Sorry if this is the wrong place but it seemed the closest match.

I just finished sheetrocking my woodshop. Yay!! However, this leaves me with several pieces of scrap sheetrock.

Some of them are a 7 or 8' by about 1'. Others are in the area of 2' by 4' with some other assorted sized as well.

I figure there has to be some sort of project that can be done with them. Perhaps some sort of P&F or related project for some piece of utilitarian shop furniture or something.

It seems such a waste to just bust it up and trash it. Plus I spent money on it, and I am a cheap b*d.


----------



## JJohnston (May 22, 2009)

I kind of doubt it. It has no structural strength. Apart from saving some of the better pieces to make repairs down the road, I can't think of anything to do with it. Well, if you have kids/grandkids, you can always make sidewalk chalk out of the smaller pieces.

What's "P&F"?


----------



## Smitty_Cabinetshop (Mar 26, 2011)

Those are the kinds of cut-offs I *am* good at parting with. Not good for anything that I've discovered!


----------



## BentheViking (May 19, 2011)

scrap and garbage is just part of the sheetrock business…a few years back i had heard something about being able to use it in some sort of gardening application like a fertilizer, but I'd look into that a lot more before i'd chop it up and sprinkle it over your wifes flower bed


----------



## Gregn (Mar 26, 2010)

Congrats on your shop improvement.
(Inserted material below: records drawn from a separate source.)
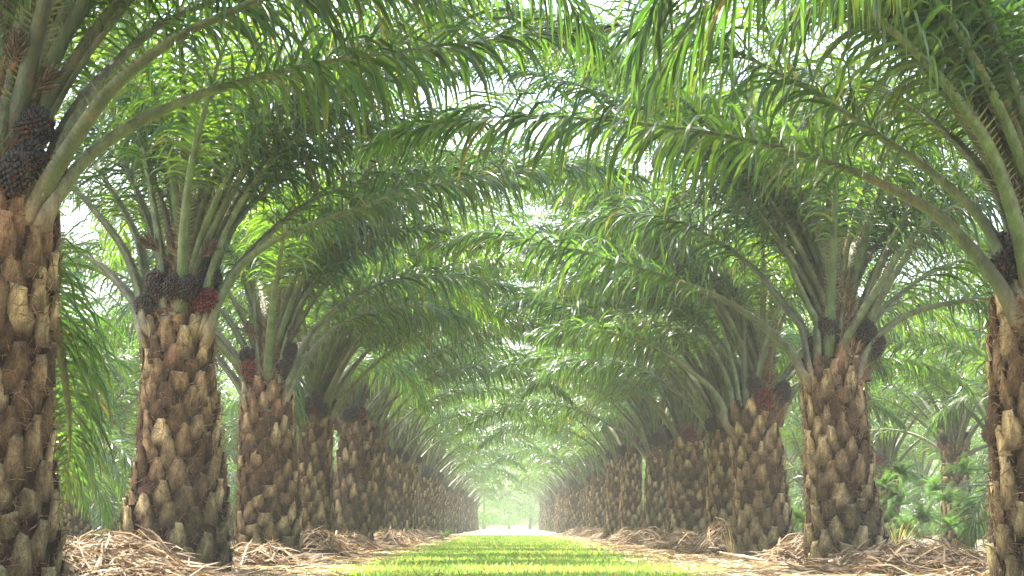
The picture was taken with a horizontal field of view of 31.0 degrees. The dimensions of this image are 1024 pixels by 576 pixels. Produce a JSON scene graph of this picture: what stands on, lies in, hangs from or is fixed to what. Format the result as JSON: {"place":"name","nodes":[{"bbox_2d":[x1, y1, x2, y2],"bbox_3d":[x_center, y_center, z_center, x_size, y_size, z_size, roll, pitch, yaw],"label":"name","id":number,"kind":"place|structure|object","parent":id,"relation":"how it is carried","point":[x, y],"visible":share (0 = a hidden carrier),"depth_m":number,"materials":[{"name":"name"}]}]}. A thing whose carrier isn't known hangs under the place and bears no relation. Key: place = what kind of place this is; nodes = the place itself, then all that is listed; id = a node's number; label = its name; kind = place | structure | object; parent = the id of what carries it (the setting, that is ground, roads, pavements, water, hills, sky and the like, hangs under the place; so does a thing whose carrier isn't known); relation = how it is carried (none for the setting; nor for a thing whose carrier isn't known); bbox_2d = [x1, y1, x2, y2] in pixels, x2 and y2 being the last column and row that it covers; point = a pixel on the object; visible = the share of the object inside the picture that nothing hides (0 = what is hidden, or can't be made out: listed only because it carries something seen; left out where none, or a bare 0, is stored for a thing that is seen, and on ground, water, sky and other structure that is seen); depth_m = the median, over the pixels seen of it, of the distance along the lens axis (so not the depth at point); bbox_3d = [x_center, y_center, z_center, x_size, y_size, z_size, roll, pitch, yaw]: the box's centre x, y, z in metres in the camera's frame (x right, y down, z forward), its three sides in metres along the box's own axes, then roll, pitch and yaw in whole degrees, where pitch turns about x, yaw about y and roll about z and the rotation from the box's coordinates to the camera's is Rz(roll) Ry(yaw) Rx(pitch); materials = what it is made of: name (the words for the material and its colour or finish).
{"place":"outdoors","nodes":[
{"label":"outdoors","id":0,"kind":"place"},
{"bbox_2d":[44,0,1002,525],"label":"sky","id":1,"kind":"structure","parent":0,"point":[68,223],"materials":[{"name":"white"}]},
{"bbox_2d":[91,526,989,575],"bbox_3d":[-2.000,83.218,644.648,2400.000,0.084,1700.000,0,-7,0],"label":"ground","id":2,"kind":"structure","parent":0,"point":[691,561],"depth_m":79.73,"materials":[{"name":"plant"}]},
{"bbox_2d":[55,203,115,530],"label":"oil palm","id":3,"kind":"object","parent":2,"relation":"on","point":[104,505],"visible":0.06,"depth_m":36.46,"materials":[{"name":"green plant"}]},
{"bbox_2d":[55,257,228,535],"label":"oil palm","id":4,"kind":"object","parent":2,"relation":"on","point":[118,453],"visible":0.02,"depth_m":43.79,"materials":[{"name":"green plant"}]},
{"bbox_2d":[53,305,236,545],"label":"oil palm","id":5,"kind":"object","parent":2,"relation":"on","point":[70,521],"visible":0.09,"depth_m":51.31,"materials":[{"name":"green plant"}]},
{"bbox_2d":[58,348,238,541],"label":"oil palm","id":6,"kind":"object","parent":2,"relation":"on","point":[131,423],"visible":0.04,"depth_m":59.73,"materials":[{"name":"green plant"}]},
{"bbox_2d":[62,524,268,575],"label":"dry frond pile","id":7,"kind":"object","parent":2,"relation":"on","point":[132,555],"visible":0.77,"depth_m":19.63,"materials":[{"name":"plant"}]},
{"bbox_2d":[92,350,238,509],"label":"oil palm","id":8,"kind":"object","parent":2,"relation":"on","point":[233,468],"depth_m":68.52,"materials":[{"name":"green plant"}]},
{"bbox_2d":[94,374,239,538],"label":"oil palm","id":9,"kind":"object","parent":2,"relation":"on","point":[230,437],"visible":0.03,"depth_m":75.66,"materials":[{"name":"green plant"}]},
{"bbox_2d":[223,410,335,535],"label":"oil palm","id":10,"kind":"object","parent":2,"relation":"on","point":[234,458],"visible":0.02,"depth_m":85.01,"materials":[{"name":"green plant"}]},
{"bbox_2d":[230,537,341,572],"bbox_3d":[-3.491,3.774,26.171,2.442,0.563,2.784,0,-7,0],"label":"dry frond pile","id":11,"kind":"object","parent":2,"relation":"on","point":[269,554],"visible":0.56,"depth_m":25.81,"materials":[{"name":"plant"}]},
{"bbox_2d":[0,0,609,575],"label":"oil palm","id":12,"kind":"object","parent":2,"relation":"on","point":[38,468],"visible":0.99,"depth_m":14.42,"materials":[{"name":"green plant"}]},
{"bbox_2d":[58,40,587,556],"bbox_3d":[-4.092,0.645,32.344,10.760,8.625,8.890,-2,-7,12],"label":"oil palm","id":13,"kind":"object","parent":2,"relation":"on","point":[270,364],"visible":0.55,"depth_m":30.93,"materials":[{"name":"green plant"}]},
{"bbox_2d":[63,165,582,536],"bbox_3d":[-3.904,1.647,39.181,11.078,8.376,10.596,0,-7,0],"label":"oil palm","id":14,"kind":"object","parent":2,"relation":"on","point":[318,404],"visible":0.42,"depth_m":38.19,"materials":[{"name":"green plant"}]},
{"bbox_2d":[301,526,392,561],"bbox_3d":[-3.555,4.697,34.069,2.852,0.738,2.698,0,-7,0],"label":"dry frond pile","id":15,"kind":"object","parent":2,"relation":"on","point":[318,541],"visible":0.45,"depth_m":33.77,"materials":[{"name":"plant"}]},
{"bbox_2d":[54,0,665,572],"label":"oil palm","id":16,"kind":"object","parent":2,"relation":"on","point":[178,492],"visible":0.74,"depth_m":22.59,"materials":[{"name":"green plant"}]},
{"bbox_2d":[335,526,393,553],"bbox_3d":[-3.798,5.826,42.588,2.636,0.664,3.981,0,-7,0],"label":"dry frond pile","id":17,"kind":"object","parent":2,"relation":"on","point":[357,539],"visible":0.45,"depth_m":42.23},
{"bbox_2d":[217,273,543,536],"bbox_3d":[-4.155,3.722,55.425,10.482,8.378,10.958,0,-7,0],"label":"oil palm","id":18,"kind":"object","parent":2,"relation":"on","point":[381,424],"visible":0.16,"depth_m":55.20,"materials":[{"name":"green plant"}]},
{"bbox_2d":[226,327,559,536],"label":"oil palm","id":19,"kind":"object","parent":2,"relation":"on","point":[395,451],"visible":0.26,"depth_m":63.60,"materials":[{"name":"green plant"}]},
{"bbox_2d":[373,527,423,548],"bbox_3d":[-3.753,6.963,51.541,2.750,0.682,4.022,0,-7,0],"label":"dry frond pile","id":20,"kind":"object","parent":2,"relation":"on","point":[389,539],"visible":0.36,"depth_m":51.10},
{"bbox_2d":[215,219,592,543],"bbox_3d":[-4.068,2.445,47.600,10.756,9.006,10.390,4,-8,-29],"label":"oil palm","id":21,"kind":"object","parent":2,"relation":"on","point":[354,481],"visible":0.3,"depth_m":46.88,"materials":[{"name":"green plant"}]},
{"bbox_2d":[387,527,427,544],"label":"dry frond pile","id":22,"kind":"object","parent":2,"relation":"on","point":[403,536],"visible":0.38,"depth_m":59.05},
{"bbox_2d":[303,341,529,531],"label":"oil palm","id":23,"kind":"object","parent":2,"relation":"on","point":[418,461],"visible":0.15,"depth_m":80.00,"materials":[{"name":"green plant"}]},
{"bbox_2d":[406,529,439,541],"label":"dry frond pile","id":24,"kind":"object","parent":2,"relation":"on","point":[420,537],"visible":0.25,"depth_m":68.07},
{"bbox_2d":[332,399,537,532],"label":"oil palm","id":25,"kind":"object","parent":2,"relation":"on","point":[436,460],"visible":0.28,"depth_m":96.15,"materials":[{"name":"green plant"}]},
{"bbox_2d":[417,527,453,540],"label":"dry frond pile","id":26,"kind":"object","parent":2,"relation":"on","point":[427,532],"visible":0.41,"depth_m":75.84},
{"bbox_2d":[337,380,541,530],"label":"oil palm","id":27,"kind":"object","parent":2,"relation":"on","point":[426,477],"visible":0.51,"depth_m":87.70,"materials":[{"name":"green plant"}]},
{"bbox_2d":[389,337,550,532],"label":"oil palm","id":28,"kind":"object","parent":2,"relation":"on","point":[409,457],"visible":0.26,"depth_m":71.39,"materials":[{"name":"green plant"}]},
{"bbox_2d":[420,428,526,531],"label":"oil palm","id":29,"kind":"object","parent":2,"relation":"on","point":[442,453],"visible":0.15,"depth_m":104.06,"materials":[{"name":"green plant"}]},
{"bbox_2d":[444,426,518,530],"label":"oil palm","id":30,"kind":"object","parent":2,"relation":"on","point":[447,488],"visible":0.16,"depth_m":120.91,"materials":[{"name":"green plant"}]},
{"bbox_2d":[441,411,523,530],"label":"oil palm","id":31,"kind":"object","parent":2,"relation":"on","point":[444,482],"visible":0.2,"depth_m":111.79,"materials":[{"name":"green plant"}]},
{"bbox_2d":[457,450,512,532],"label":"oil palm","id":32,"kind":"object","parent":2,"relation":"on","point":[459,502],"visible":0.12,"depth_m":144.02,"materials":[{"name":"green plant"}]},
{"bbox_2d":[447,446,524,533],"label":"oil palm","id":33,"kind":"object","parent":2,"relation":"on","point":[450,493],"visible":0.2,"depth_m":127.76,"materials":[{"name":"green plant"}]},
{"bbox_2d":[460,465,513,526],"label":"oil palm","id":34,"kind":"object","parent":2,"relation":"on","point":[480,483],"visible":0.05,"depth_m":161.70,"materials":[{"name":"green plant"}]},
{"bbox_2d":[451,429,523,533],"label":"oil palm","id":35,"kind":"object","parent":2,"relation":"on","point":[455,515],"visible":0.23,"depth_m":135.96,"materials":[{"name":"green plant"}]},
{"bbox_2d":[459,455,518,531],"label":"oil palm","id":36,"kind":"object","parent":2,"relation":"on","point":[463,493],"visible":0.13,"depth_m":152.04,"materials":[{"name":"green plant"}]},
{"bbox_2d":[468,475,513,529],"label":"oil palm","id":37,"kind":"object","parent":2,"relation":"on","point":[490,490],"visible":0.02,"depth_m":178.00,"materials":[{"name":"green plant"}]},
{"bbox_2d":[473,485,512,530],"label":"oil palm","id":38,"kind":"object","parent":2,"relation":"on","point":[486,494],"visible":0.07,"depth_m":201.19,"materials":[{"name":"green plant"}]},
{"bbox_2d":[467,477,518,531],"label":"oil palm","id":39,"kind":"object","parent":2,"relation":"on","point":[469,514],"visible":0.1,"depth_m":184.37,"materials":[{"name":"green plant"}]},
{"bbox_2d":[470,483,526,530],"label":"oil palm","id":40,"kind":"object","parent":2,"relation":"on","point":[471,508],"visible":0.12,"depth_m":192.82,"materials":[{"name":"green plant"}]},
{"bbox_2d":[474,480,522,511],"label":"oil palm","id":41,"kind":"object","parent":2,"relation":"on","point":[508,498],"visible":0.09,"depth_m":209.53,"materials":[{"name":"green plant"}]},
{"bbox_2d":[463,473,534,531],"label":"oil palm","id":42,"kind":"object","parent":2,"relation":"on","point":[465,508],"visible":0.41,"depth_m":168.22,"materials":[{"name":"green plant"}]},
{"bbox_2d":[478,487,522,529],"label":"broadleaf tree","id":43,"kind":"object","parent":2,"relation":"on","point":[483,516],"visible":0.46,"depth_m":258.60,"materials":[{"name":"green plant"}]},
{"bbox_2d":[478,496,538,528],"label":"broadleaf tree","id":44,"kind":"object","parent":2,"relation":"on","point":[509,520],"visible":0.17,"depth_m":275.84,"materials":[{"name":"green plant"}]},
{"bbox_2d":[496,490,539,529],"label":"broadleaf tree","id":45,"kind":"object","parent":2,"relation":"on","point":[528,500],"visible":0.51,"depth_m":263.04,"materials":[{"name":"green plant"}]},
{"bbox_2d":[260,530,775,575],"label":"grass lane","id":46,"kind":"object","parent":2,"relation":"on","point":[508,532],"depth_m":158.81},
{"bbox_2d":[494,466,550,502],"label":"oil palm","id":47,"kind":"object","parent":2,"relation":"on","point":[537,488],"visible":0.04,"depth_m":175.20,"materials":[{"name":"green plant"}]},
{"bbox_2d":[504,468,543,529],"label":"oil palm","id":48,"kind":"object","parent":2,"relation":"on","point":[541,516],"visible":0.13,"depth_m":216.47,"materials":[{"name":"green plant"}]},
{"bbox_2d":[500,473,548,530],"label":"oil palm","id":49,"kind":"object","parent":2,"relation":"on","point":[546,504],"visible":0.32,"depth_m":191.78,"materials":[{"name":"green plant"}]},
{"bbox_2d":[492,448,560,531],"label":"oil palm","id":50,"kind":"object","parent":2,"relation":"on","point":[520,474],"visible":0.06,"depth_m":149.15,"materials":[{"name":"green plant"}]},
{"bbox_2d":[503,468,556,531],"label":"oil palm","id":51,"kind":"object","parent":2,"relation":"on","point":[551,510],"visible":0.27,"depth_m":165.64,"materials":[{"name":"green plant"}]},
{"bbox_2d":[503,462,558,531],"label":"oil palm","id":52,"kind":"object","parent":2,"relation":"on","point":[528,483],"visible":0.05,"depth_m":156.96,"materials":[{"name":"green plant"}]},
{"bbox_2d":[503,441,565,532],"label":"oil palm","id":53,"kind":"object","parent":2,"relation":"on","point":[560,493],"visible":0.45,"depth_m":140.62,"materials":[{"name":"green plant"}]},
{"bbox_2d":[479,382,608,500],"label":"oil palm","id":54,"kind":"object","parent":2,"relation":"on","point":[594,441],"visible":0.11,"depth_m":81.84,"materials":[{"name":"green plant"}]},
{"bbox_2d":[487,412,604,527],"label":"oil palm","id":55,"kind":"object","parent":2,"relation":"on","point":[586,457],"visible":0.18,"depth_m":98.53,"materials":[{"name":"green plant"}]},
{"bbox_2d":[475,0,630,99],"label":"oil palm","id":56,"kind":"object","parent":2,"relation":"on","point":[568,17],"visible":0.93,"depth_m":12.38,"materials":[{"name":"green plant"}]},
{"bbox_2d":[487,382,642,527],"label":"oil palm","id":57,"kind":"object","parent":2,"relation":"on","point":[598,486],"visible":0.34,"depth_m":90.57,"materials":[{"name":"green plant"}]},
{"bbox_2d":[488,413,645,530],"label":"oil palm","id":58,"kind":"object","parent":2,"relation":"on","point":[573,510],"visible":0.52,"depth_m":115.28,"materials":[{"name":"green plant"}]},
{"bbox_2d":[484,330,657,531],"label":"oil palm","id":59,"kind":"object","parent":2,"relation":"on","point":[630,509],"visible":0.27,"depth_m":64.82,"materials":[{"name":"green plant"}]},
{"bbox_2d":[496,442,645,502],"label":"oil palm","id":60,"kind":"object","parent":2,"relation":"on","point":[546,467],"visible":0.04,"depth_m":124.03,"materials":[{"name":"green plant"}]},
{"bbox_2d":[498,411,644,526],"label":"oil palm","id":61,"kind":"object","parent":2,"relation":"on","point":[582,488],"visible":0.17,"depth_m":107.26,"materials":[{"name":"green plant"}]},
{"bbox_2d":[499,437,645,532],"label":"oil palm","id":62,"kind":"object","parent":2,"relation":"on","point":[529,475],"visible":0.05,"depth_m":133.46,"materials":[{"name":"green plant"}]},
{"bbox_2d":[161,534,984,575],"bbox_3d":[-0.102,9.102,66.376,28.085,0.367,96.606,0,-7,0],"label":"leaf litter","id":63,"kind":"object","parent":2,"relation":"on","point":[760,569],"visible":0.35,"depth_m":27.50,"materials":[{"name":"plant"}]},
{"bbox_2d":[719,551,764,564],"bbox_3d":[3.490,4.101,28.004,0.725,0.122,0.338,6,-6,14],"label":"cut frond butt","id":64,"kind":"object","parent":63,"relation":"on","point":[744,557],"visible":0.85,"depth_m":27.93,"materials":[{"name":"beige plant"}]},
{"bbox_2d":[472,338,674,538],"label":"oil palm","id":65,"kind":"object","parent":2,"relation":"on","point":[611,456],"visible":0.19,"depth_m":73.26,"materials":[{"name":"green plant"}]},
{"bbox_2d":[562,525,588,536],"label":"dry frond pile","id":66,"kind":"object","parent":2,"relation":"on","point":[573,531],"visible":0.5,"depth_m":97.57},
{"bbox_2d":[567,524,603,539],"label":"dry frond pile","id":67,"kind":"object","parent":2,"relation":"on","point":[592,531],"visible":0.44,"depth_m":81.77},
{"bbox_2d":[595,526,633,543],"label":"dry frond pile","id":68,"kind":"object","parent":2,"relation":"on","point":[616,535],"visible":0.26,"depth_m":62.08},
{"bbox_2d":[455,305,801,535],"bbox_3d":[4.397,3.695,56.652,11.306,8.759,10.855,2,-8,-18],"label":"oil palm","id":69,"kind":"object","parent":2,"relation":"on","point":[654,449],"visible":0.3,"depth_m":56.16,"materials":[{"name":"green plant"}]},
{"bbox_2d":[598,523,662,547],"bbox_3d":[3.647,6.938,51.604,2.601,0.748,3.817,0,-7,0],"label":"dry frond pile","id":70,"kind":"object","parent":2,"relation":"on","point":[639,536],"visible":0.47,"depth_m":51.10,"materials":[{"name":"plant"}]},
{"bbox_2d":[333,458,940,523],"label":"wood","id":71,"kind":"object","parent":2,"relation":"on","point":[643,477],"visible":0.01,"depth_m":164.69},
{"bbox_2d":[620,527,701,553],"bbox_3d":[4.000,5.882,43.128,3.051,0.690,2.791,0,-7,0],"label":"dry frond pile","id":72,"kind":"object","parent":2,"relation":"on","point":[671,540],"visible":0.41,"depth_m":42.76,"materials":[{"name":"plant"}]},
{"bbox_2d":[344,0,1023,575],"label":"oil palm","id":73,"kind":"object","parent":2,"relation":"on","point":[966,62],"visible":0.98,"depth_m":15.47,"materials":[{"name":"green plant"}]},
{"bbox_2d":[656,517,732,559],"bbox_3d":[4.026,4.847,35.685,2.626,0.851,2.737,0,-7,0],"label":"dry frond pile","id":74,"kind":"object","parent":2,"relation":"on","point":[708,541],"visible":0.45,"depth_m":35.32,"materials":[{"name":"plant"}]},
{"bbox_2d":[485,259,907,535],"bbox_3d":[4.164,2.574,47.737,10.664,8.714,10.365,3,-8,-21],"label":"oil palm","id":75,"kind":"object","parent":2,"relation":"on","point":[686,438],"visible":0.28,"depth_m":46.97,"materials":[{"name":"green plant"}]},
{"bbox_2d":[415,0,1003,566],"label":"oil palm","id":76,"kind":"object","parent":2,"relation":"on","point":[845,342],"visible":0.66,"depth_m":24.89,"materials":[{"name":"green plant"}]},
{"bbox_2d":[451,167,983,531],"bbox_3d":[4.580,1.861,39.419,11.641,7.937,11.014,0,-7,0],"label":"oil palm","id":77,"kind":"object","parent":2,"relation":"on","point":[719,504],"visible":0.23,"depth_m":38.92,"materials":[{"name":"green plant"}]},
{"bbox_2d":[444,129,999,557],"bbox_3d":[3.884,1.206,34.107,11.393,7.952,9.148,4,-8,-27],"label":"oil palm","id":78,"kind":"object","parent":2,"relation":"on","point":[753,417],"visible":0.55,"depth_m":32.77,"materials":[{"name":"green plant"}]},
{"bbox_2d":[588,0,936,143],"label":"oil palm","id":79,"kind":"object","parent":2,"relation":"on","point":[802,12],"visible":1,"depth_m":10.12,"materials":[{"name":"green plant"}]},
{"bbox_2d":[721,532,805,568],"bbox_3d":[4.373,4.021,28.223,2.400,0.594,2.751,0,-7,0],"label":"dry frond pile","id":80,"kind":"object","parent":2,"relation":"on","point":[784,550],"visible":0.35,"depth_m":27.85,"materials":[{"name":"plant"}]},
{"bbox_2d":[791,503,805,527],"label":"fern","id":81,"kind":"object","parent":2,"relation":"on","point":[799,519],"visible":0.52,"depth_m":48.73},
{"bbox_2d":[706,414,915,498],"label":"oil palm","id":82,"kind":"object","parent":2,"relation":"on","point":[793,460],"visible":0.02,"depth_m":87.00,"materials":[{"name":"green plant"}]},
{"bbox_2d":[706,400,938,539],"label":"oil palm","id":83,"kind":"object","parent":2,"relation":"on","point":[793,440],"visible":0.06,"depth_m":78.61,"materials":[{"name":"green plant"}]},
{"bbox_2d":[780,377,973,507],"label":"oil palm","id":84,"kind":"object","parent":2,"relation":"on","point":[794,419],"visible":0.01,"depth_m":70.47,"materials":[{"name":"green plant"}]},
{"bbox_2d":[770,532,988,575],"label":"dry frond pile","id":85,"kind":"object","parent":2,"relation":"on","point":[940,559],"visible":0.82,"depth_m":21.51,"materials":[{"name":"plant"}]},
{"bbox_2d":[787,336,984,543],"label":"oil palm","id":86,"kind":"object","parent":2,"relation":"on","point":[892,449],"visible":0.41,"depth_m":62.12,"materials":[{"name":"green plant"}]},
{"bbox_2d":[785,275,988,547],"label":"oil palm","id":87,"kind":"object","parent":2,"relation":"on","point":[953,444],"visible":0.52,"depth_m":54.75,"materials":[{"name":"green plant"}]},
{"bbox_2d":[940,486,988,519],"bbox_3d":[12.678,5.978,51.050,1.724,1.100,1.884,-4,-8,30],"label":"fern","id":88,"kind":"object","parent":87,"relation":"attached to","point":[968,501],"visible":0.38,"depth_m":51.13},
{"bbox_2d":[874,467,908,499],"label":"fern","id":89,"kind":"object","parent":2,"relation":"on","point":[883,484],"visible":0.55,"depth_m":50.99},
{"bbox_2d":[883,503,907,527],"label":"fern","id":90,"kind":"object","parent":2,"relation":"on","point":[887,514],"visible":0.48,"depth_m":46.54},
{"bbox_2d":[801,257,994,542],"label":"oil palm","id":91,"kind":"object","parent":2,"relation":"on","point":[970,373],"visible":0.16,"depth_m":46.17,"materials":[{"name":"green plant"}]},
{"bbox_2d":[921,481,974,513],"bbox_3d":[10.959,5.319,46.726,1.425,0.886,1.335,7,-10,-44],"label":"fern","id":92,"kind":"object","parent":91,"relation":"attached to","point":[946,496],"visible":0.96,"depth_m":46.65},
{"bbox_2d":[932,452,986,481],"bbox_3d":[11.991,4.854,49.064,1.491,0.961,1.370,7,-10,-42],"label":"fern","id":93,"kind":"object","parent":91,"relation":"attached to","point":[963,464],"visible":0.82,"depth_m":48.89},
{"bbox_2d":[874,454,927,487],"bbox_3d":[9.816,4.655,46.836,1.450,0.846,1.326,0,-7,0],"label":"fern","id":94,"kind":"object","parent":2,"relation":"on","point":[901,470],"visible":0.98,"depth_m":46.77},
{"bbox_2d":[888,517,917,549],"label":"grass tuft","id":95,"kind":"object","parent":2,"relation":"on","point":[895,537],"visible":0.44,"depth_m":36.78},
{"bbox_2d":[879,482,931,515],"bbox_3d":[10.596,5.940,51.106,1.852,1.152,1.736,2,-8,-15],"label":"fern","id":96,"kind":"object","parent":2,"relation":"on","point":[892,498],"visible":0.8,"depth_m":50.95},
{"bbox_2d":[885,510,933,540],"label":"fern","id":97,"kind":"object","parent":2,"relation":"on","point":[906,519],"visible":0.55,"depth_m":48.71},
{"bbox_2d":[899,460,940,528],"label":"oil palm","id":98,"kind":"object","parent":2,"relation":"on","point":[930,472],"depth_m":133.90,"materials":[{"name":"green plant"}]},
{"bbox_2d":[899,502,950,533],"bbox_3d":[10.445,5.830,46.695,1.297,0.836,1.191,2,-7,-13],"label":"fern","id":99,"kind":"object","parent":2,"relation":"on","point":[923,516],"visible":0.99,"depth_m":46.56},
{"bbox_2d":[871,407,987,537],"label":"oil palm","id":100,"kind":"object","parent":2,"relation":"on","point":[921,459],"visible":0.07,"depth_m":94.28,"materials":[{"name":"green plant"}]},
{"bbox_2d":[906,471,954,503],"bbox_3d":[11.069,5.309,49.023,1.431,0.905,1.396,4,-8,-27],"label":"fern","id":101,"kind":"object","parent":2,"relation":"on","point":[932,484],"visible":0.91,"depth_m":48.87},
{"bbox_2d":[880,222,1001,552],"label":"oil palm","id":102,"kind":"object","parent":2,"relation":"on","point":[968,529],"visible":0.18,"depth_m":38.75,"materials":[{"name":"green plant"}]},
{"bbox_2d":[898,412,988,539],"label":"oil palm","id":103,"kind":"object","parent":2,"relation":"on","point":[975,457],"visible":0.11,"depth_m":85.03,"materials":[{"name":"green plant"}]},
{"bbox_2d":[923,508,970,541],"bbox_3d":[12.012,6.599,51.034,1.579,1.024,1.618,-5,-9,33],"label":"fern","id":104,"kind":"object","parent":2,"relation":"on","point":[942,530],"visible":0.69,"depth_m":50.94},
{"bbox_2d":[918,396,987,539],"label":"oil palm","id":105,"kind":"object","parent":2,"relation":"on","point":[978,430],"visible":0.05,"depth_m":78.18,"materials":[{"name":"green plant"}]},
{"bbox_2d":[954,505,989,541],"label":"fern","id":106,"kind":"object","parent":2,"relation":"on","point":[977,521],"visible":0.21,"depth_m":48.74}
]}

Now do you have a dust collector closet? If not building a closet to house the dust collector would help to cut down the noise and dust, a good way to use all those small pieces.
Another thought might be to build a playhouse or doghouse to use up those small pieces.


----------



## Sawkerf (Dec 31, 2009)

Probably best to toss it. It's tempting to save some "just in case", but it's seldom worth the effort. If you just gotta keep some, store it laying flat in a dry location. In a year, or so, you can ask yourself why you even bothered. - lol


----------



## longgone (May 5, 2009)

I would donate it to the dump. There are better things to use storage for such as lumber. If you should ever need a small piece for a repair it is easy to obtain and usually for free.


----------